A: In 2021, the Republican-led legislature passed several voting law changes including shorter deadlines for absentee voting and new restrictions on the ability of local election officials to locate satellite voting sites. Counties are allowed one ballot drop box near the county election official’s office under video surveillance.
Polls now close at 8 p.m. instead of 9 p.m., and absentee ballots must be received by the county election official by 8 p.m. Election Day.
Lawmakers also placed new limits on who may return an absentee ballot for a voter.
Q: WHAT DO TURNOUT AND ADVANCE VOTE LOOK LIKE?
A: Turnout is projected to be 1.4 million. As of Oct. 25, 226,874 absentee ballots have been sent and 70,879 have been returned. Fifty-three percent of the absentee ballots were requested by registered Democrats and 33 percent were requested by registered Republicans.

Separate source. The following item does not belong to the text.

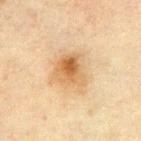biopsy status = total-body-photography surveillance lesion; no biopsy
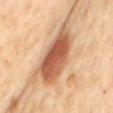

Q: HOW LONG DOES COUNTING USUALLY TAKE?
A: Counting is usually completed within three to four hours after polls close.
Q: WHAT ARE THE PITFALLS WITH EARLY RETURNS?
A: Early/absentee returns tend to be skewed toward Democratic candidates. These results are typically among the first reported on Election Night.
Q: WHAT HAPPENS AFTER TUESDAY?
A: Votes are certified at the county canvass on Nov. 14 and the state canvass on Dec. 5.